» Instructions to follow:
Without reproducing any picture, copy the records word for word.

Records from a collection
━━━━

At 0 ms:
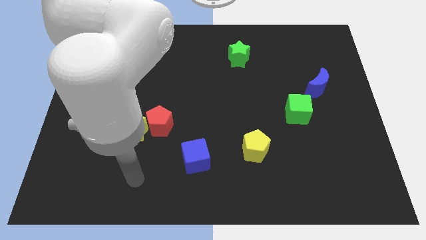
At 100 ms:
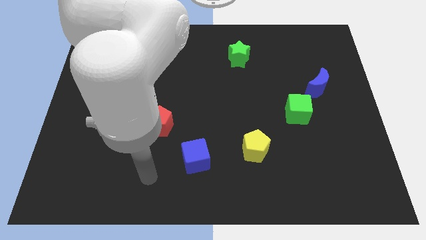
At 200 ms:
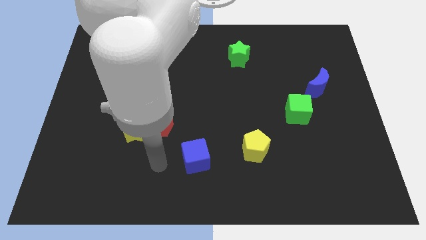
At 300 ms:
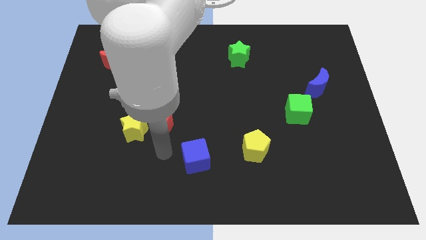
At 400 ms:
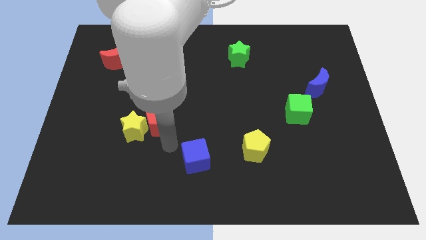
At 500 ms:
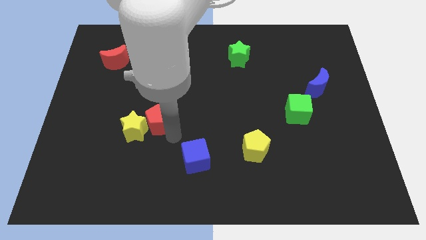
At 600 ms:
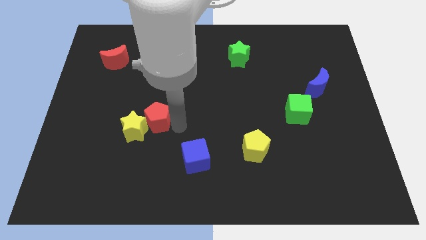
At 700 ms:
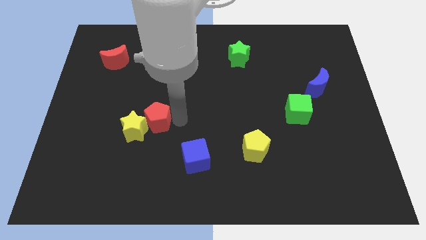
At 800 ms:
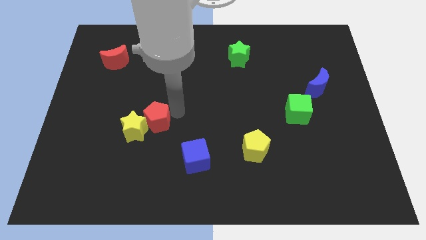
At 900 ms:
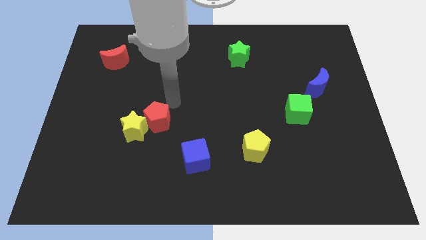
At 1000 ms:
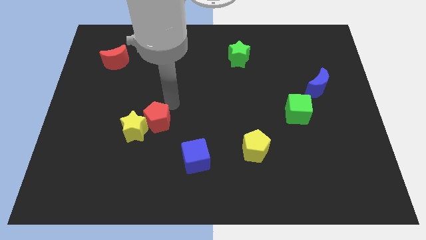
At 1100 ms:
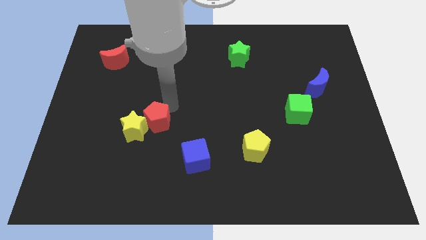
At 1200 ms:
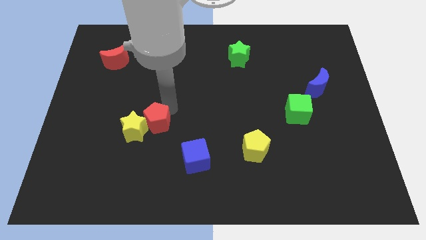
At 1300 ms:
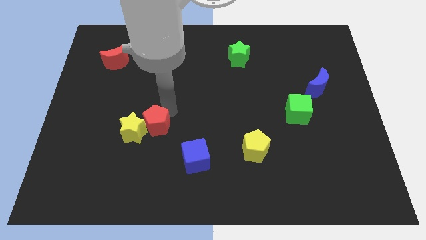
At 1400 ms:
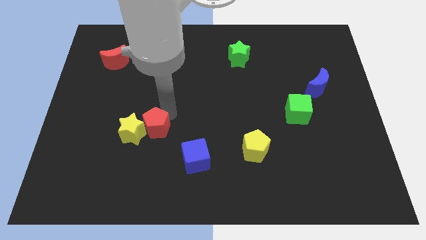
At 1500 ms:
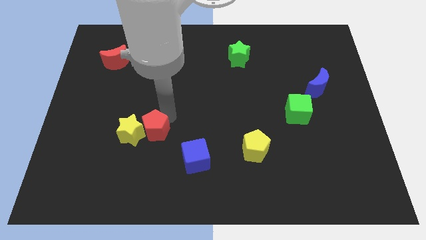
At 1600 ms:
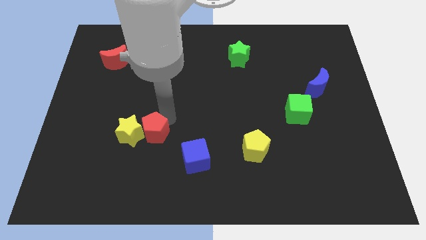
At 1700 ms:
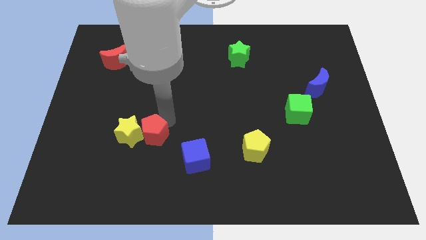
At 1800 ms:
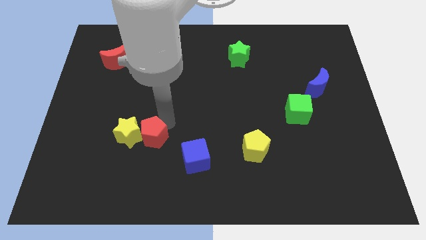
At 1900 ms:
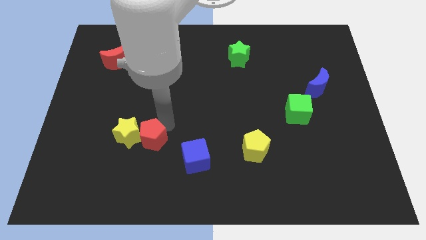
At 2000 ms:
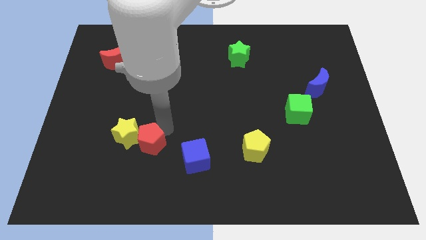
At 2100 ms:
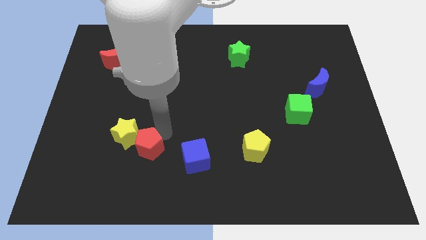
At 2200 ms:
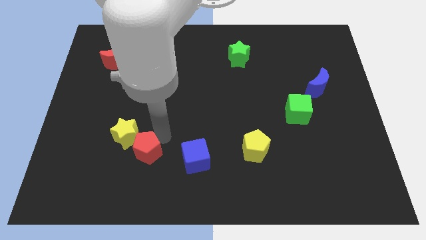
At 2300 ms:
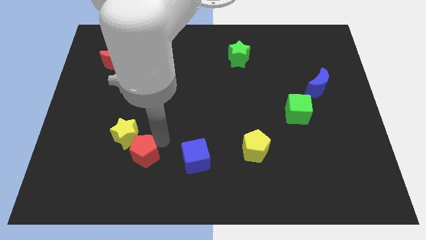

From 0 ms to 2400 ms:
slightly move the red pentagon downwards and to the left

━━━━

» Reply:
At 0 ms:
At 100 ms:
At 200 ms:
At 300 ms:
At 400 ms:
At 500 ms:
At 600 ms:
At 700 ms:
At 800 ms:
At 900 ms:
At 1000 ms:
At 1100 ms:
At 1200 ms:
At 1300 ms:
At 1400 ms:
At 1500 ms:
At 1600 ms:
At 1700 ms:
At 1800 ms:
At 1900 ms:
At 2000 ms:
At 2100 ms:
At 2200 ms:
At 2300 ms:

From 0 ms to 2400 ms:
slightly move the red pentagon downwards and to the left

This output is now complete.